Tue, 19 Feb 2002

Railroad to return to normal by Tuesday

The Jakarta Post Jakarta

The state-owned rail company, PT Kereta Api Indonesian (KAI), had completed on Monday more than 60 percent of the repair work on damaged tracks in Batang regency, Central Java, officials said.

The main Jakarta-Semarang-Surabaya railroad along the north coast of Central Java is expected to begin returning to normal by not later than Tuesday evening, they added.

"If there is no more rain tonight (Monday night), the repair work will be completed tomorrow (Tuesday)," Makbul Sujudi, head of KAI operations region IV in Semarang, said at Kuripan railway station in Batang.

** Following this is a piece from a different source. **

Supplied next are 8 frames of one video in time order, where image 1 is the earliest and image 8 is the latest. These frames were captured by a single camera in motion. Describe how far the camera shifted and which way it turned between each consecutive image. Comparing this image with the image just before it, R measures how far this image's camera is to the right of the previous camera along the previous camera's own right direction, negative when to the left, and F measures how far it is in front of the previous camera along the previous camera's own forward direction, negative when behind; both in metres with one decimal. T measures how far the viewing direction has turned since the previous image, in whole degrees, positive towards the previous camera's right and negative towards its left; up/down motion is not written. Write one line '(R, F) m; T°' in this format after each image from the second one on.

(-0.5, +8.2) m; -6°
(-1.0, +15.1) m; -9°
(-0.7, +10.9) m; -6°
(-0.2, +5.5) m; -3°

However, the newly-appointed KAI president director Omar Berto said that it would take at least three days counting from Monday to repair the tracks seriously damaged by the flash floods which were triggered by torrential rains on Saturday and Sunday.

He said his men had been working hard to build emergency bridges to replace the collapsed ones so that trains would be able to resume serving the north coast line from Surabaya to Jakarta and vice versa.

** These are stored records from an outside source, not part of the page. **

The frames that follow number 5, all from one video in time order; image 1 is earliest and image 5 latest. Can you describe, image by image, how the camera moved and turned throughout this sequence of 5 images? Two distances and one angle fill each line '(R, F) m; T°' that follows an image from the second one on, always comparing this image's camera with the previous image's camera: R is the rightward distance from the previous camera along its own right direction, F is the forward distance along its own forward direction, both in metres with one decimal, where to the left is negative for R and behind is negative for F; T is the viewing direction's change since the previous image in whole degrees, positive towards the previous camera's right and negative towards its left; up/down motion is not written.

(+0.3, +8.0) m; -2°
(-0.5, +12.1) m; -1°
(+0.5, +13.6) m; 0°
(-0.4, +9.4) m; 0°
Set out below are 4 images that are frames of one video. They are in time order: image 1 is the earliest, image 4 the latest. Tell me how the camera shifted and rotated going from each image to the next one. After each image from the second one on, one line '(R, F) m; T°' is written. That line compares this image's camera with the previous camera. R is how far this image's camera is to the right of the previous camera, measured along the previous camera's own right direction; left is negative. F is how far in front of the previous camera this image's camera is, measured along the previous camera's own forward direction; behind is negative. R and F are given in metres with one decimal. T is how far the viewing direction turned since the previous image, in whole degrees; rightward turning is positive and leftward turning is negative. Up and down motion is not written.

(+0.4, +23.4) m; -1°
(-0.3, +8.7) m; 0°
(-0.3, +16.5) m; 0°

KAI Head of Human Relations Gatot Wibowo said the damage to the tracks had caused potential losses of Rp 3.5 billion to the company as all traffic on the line had been halted since Sunday night.

With a two-kilometer section of track having been cut, all executive and economy class trains serving the Jakarta-Semarang- Surabaya route, which runs along the north coast, had to be rerouted to the south coast line via Tegal, Prupuk, Purwokerto and Yogyakarta.

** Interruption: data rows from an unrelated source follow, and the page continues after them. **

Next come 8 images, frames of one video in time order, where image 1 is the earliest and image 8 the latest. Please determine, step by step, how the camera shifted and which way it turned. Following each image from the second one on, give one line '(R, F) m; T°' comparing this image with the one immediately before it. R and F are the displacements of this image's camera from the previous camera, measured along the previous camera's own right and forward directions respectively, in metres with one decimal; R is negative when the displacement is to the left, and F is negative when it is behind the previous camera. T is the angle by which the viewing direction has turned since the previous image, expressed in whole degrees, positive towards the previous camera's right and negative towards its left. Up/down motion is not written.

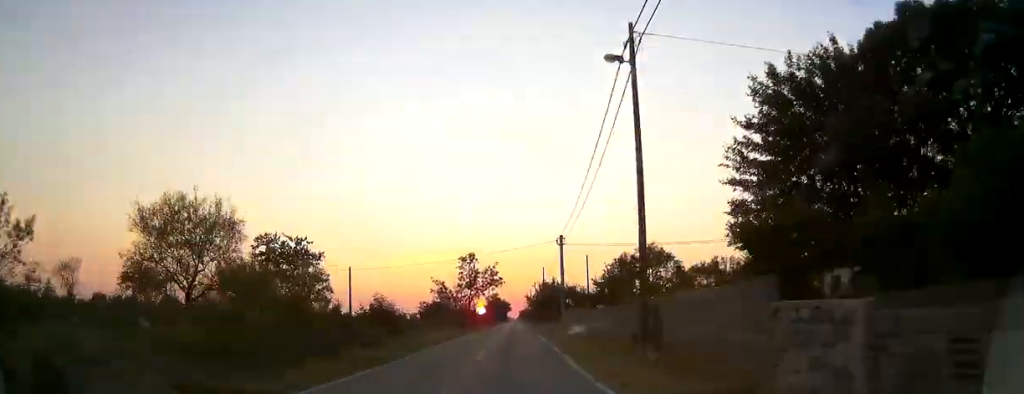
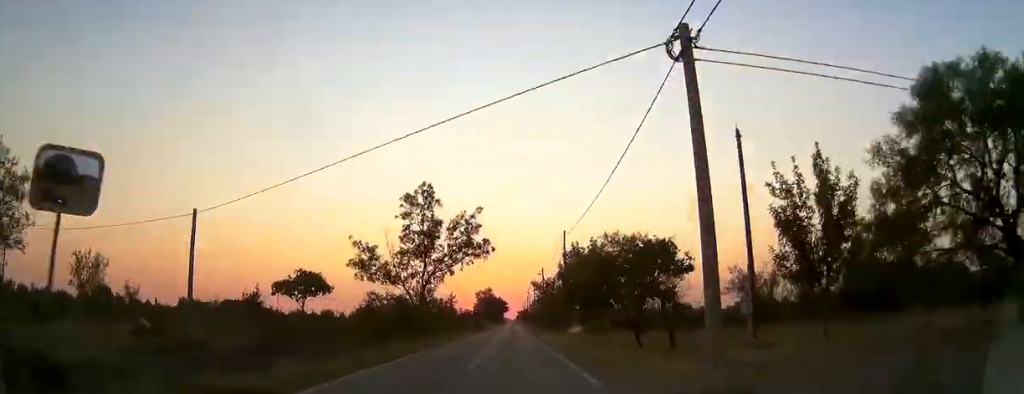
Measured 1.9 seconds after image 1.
(+0.2, +32.6) m; +1°
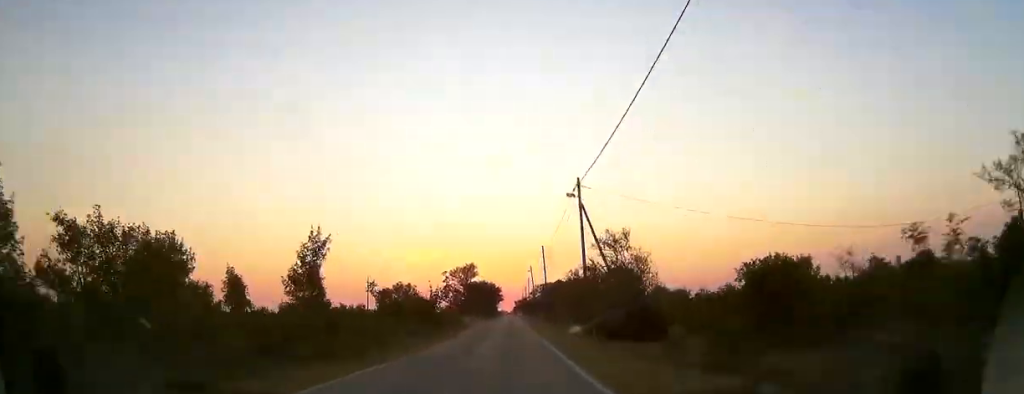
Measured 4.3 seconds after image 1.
(0.0, +43.0) m; 0°
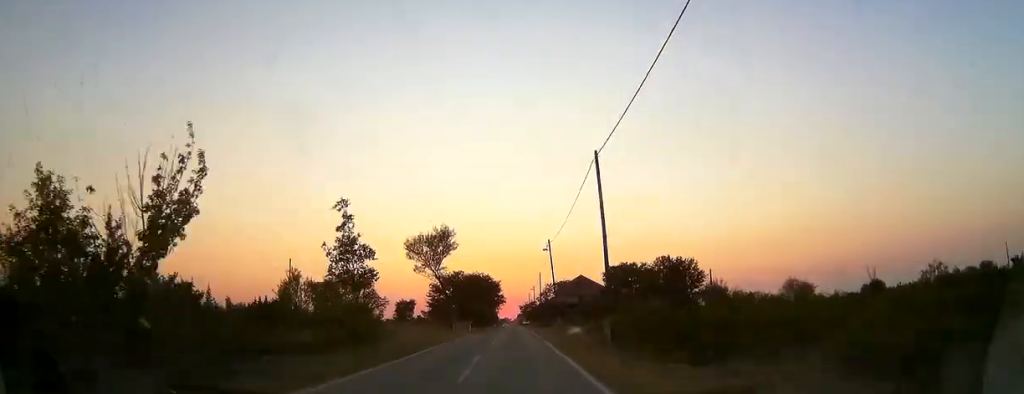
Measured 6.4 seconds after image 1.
(+0.1, +35.6) m; 0°
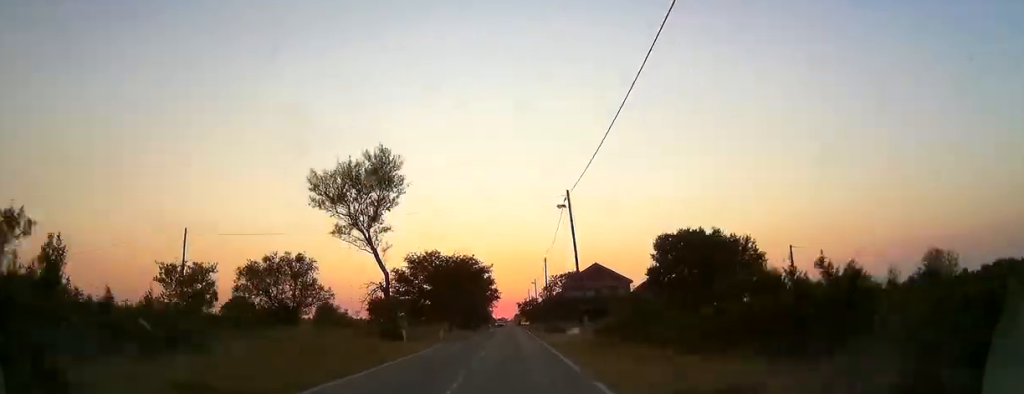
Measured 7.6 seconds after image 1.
(+0.1, +20.4) m; 0°
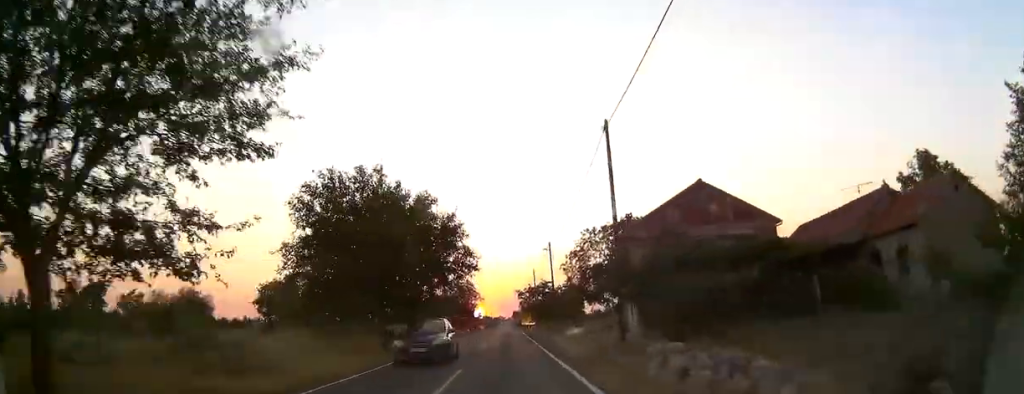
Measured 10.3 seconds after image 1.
(-0.1, +44.4) m; 0°
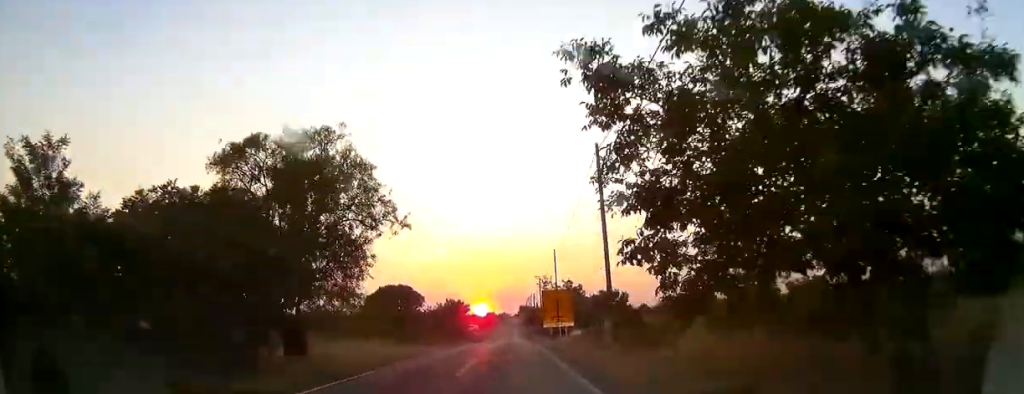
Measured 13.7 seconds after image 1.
(-0.2, +55.9) m; -1°
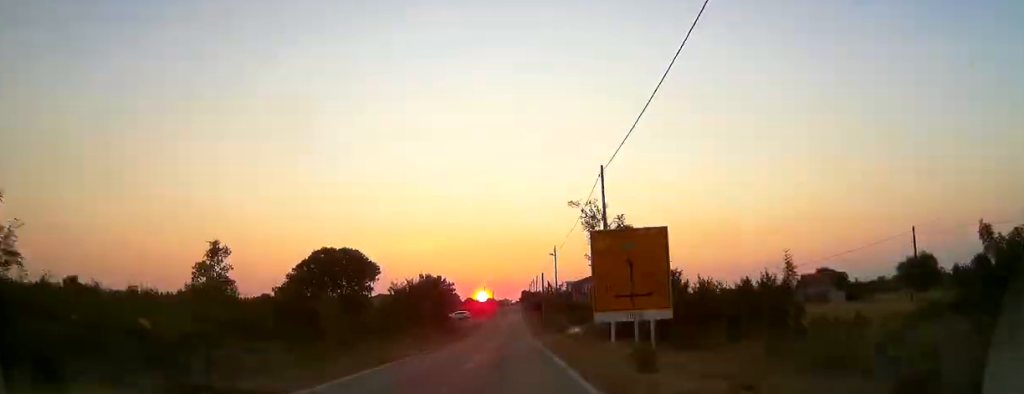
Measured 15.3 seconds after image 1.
(-0.4, +26.4) m; 0°

Makbul said the flash floods swept away the soil in at least 15 locations in Batang, leaving the 25-meter long track hanging between four and five meters above the ground.

The most serious damage to the tracks was found between two bridges over the Kali Urang and Kali Boyo rivers, where pillars supporting the tracks collapsed after being swept away by the floods, he said.

Meanwhile, the KAI director of operations region III in Cirebon, Bidjak Filasdjati, and the station master of the city's railway station, Suhartono, said all trains that were rerouted to the north coast line arrived in Surabaya or Jakarta around six hours behind schedule.

Bidjak denied that the business class Cirebon Express from Cirebon to Jakarta had been canceled.

He said his office has anticipated possible damage to the railroad in Cirebon caused by the continuing rains and flooding in West Java.

In Surabaya, the Argobromo and Gumarang trains from the nation's second biggest city to Jakarta, which run along the north coast line, were canceled to reduce traffic congestion on the south coast line.

"The north coast line has not been reopened yet. To reduce the congestion on the south coast line, we are reducing the frequency of train departures," the KAI head of operations region VIII in Surabaya, Sudarsono, said.

"We are transferring prospective passengers of the Argobromo to the Argo Angrek to take them to Jakarta, while those from the Gumarang have been transferred to the Sembrani serving the same destination," he said.

With the cancellation of the Argobromo and Gumarang trains, there are only three trains now traveling from Surabaya to Jakarta -- the Kertajaya, Argo Anggrek and Sembrani -- via the south coast line.

Meanwhile, a 65-member joint search and rescue team was combing the flood-hit areas in Batang on Monday to look for three missing victims who were washed away by the floodwaters.

"The joint team is continuing to search for the victims who were swept away by the floods," Batang Police chief Adj. Sr. Comr. Edy Setjo said.

The three victims were residents of Pemalang town in Central Java, and were washed away on Sunday along with their Isuzu Panther van at Adinuso village in Subah. They have been named as Lim Eng Hie, 50, Lin Cou Hua, 53, and Engkong, 80.

The driver of the van survived.

The body of another passenger -- identified as 50-year old Sin Yot -- has been found.